Passing -d genbank to the mirror subcommand will mirror genbank to the directory specified in the mirror config file.

./codonpdx.py mirror -d genbank

Upgrading the codon count metadata to the next release

Make sure your celery workers are running before trying this.

The queueJobs subcommand will start a job for each file in refseq or genbank that needs to be processed. The celery workers will process the jobs in parallel on the amount of available cores they have available. The resulting codon counts will be stored in the database as each job finishes.

Start a celery worker

celery -A codonpdx worker -l info

RefSeq

./codonpdx.py queueJobs -d refseq -f genbank

Genbank

./codonpdx.py queueJobs -d genbank -f genbank

Clearing old jobs

Clear the results table and the results directory of data older than a week. You can use the -d flag to specify how many days to remove. For example -d 3 would remove files and entries older than 3 days.

./codonpdx.py clearResults -d 3

Calculating the results for a sequence file

Step 1: Count codons of the input file

For a genbank format file named input_file.gb:

./codonpdx.py count -i input_file.gb -j ID -f genbank -o counts.json -s

This reads in input_file.gb and generates counts, placing them into the file counts.json. The job ID is not important for manually running jobs from the command line, but will overwrite a previous result set that has the same ID. The -s option indicates we want to also generate counts for a shuffled version of the sequence; omit it to avoid this behavior. For other options, pass -h.

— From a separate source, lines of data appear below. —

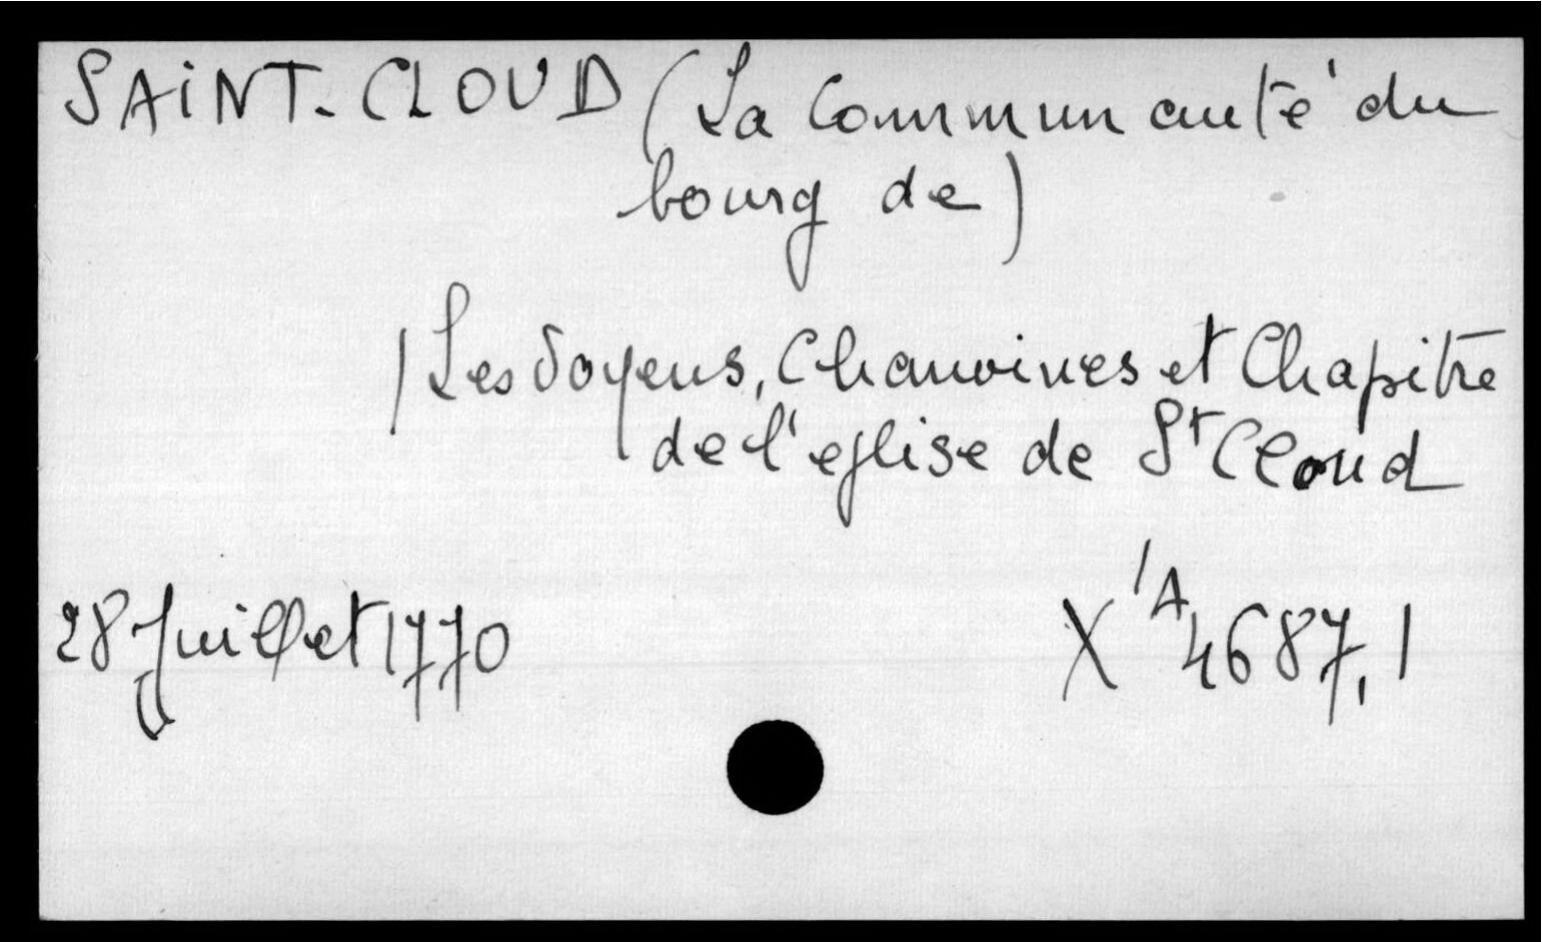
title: SAINT-CLOUD (La communauté du bourg de)
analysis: Contre Les doyens, Chanoines et chapitre de l'église de Saint-Cloud
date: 28 juillet 1770
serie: X1A
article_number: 4687
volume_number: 1

Step 2: Insert count results into database

Continuing on from the previous example:

./codonpdx.py insertInput -j ID -i counts.json

Step 3: Calculate results of the comparison

./codonpdx.py calc -j ID -d refseq -w input -v input -o

The -o option outputs the results to the command line. If you omit it, the results will go into the database and can be accessed like a normal job via the web application.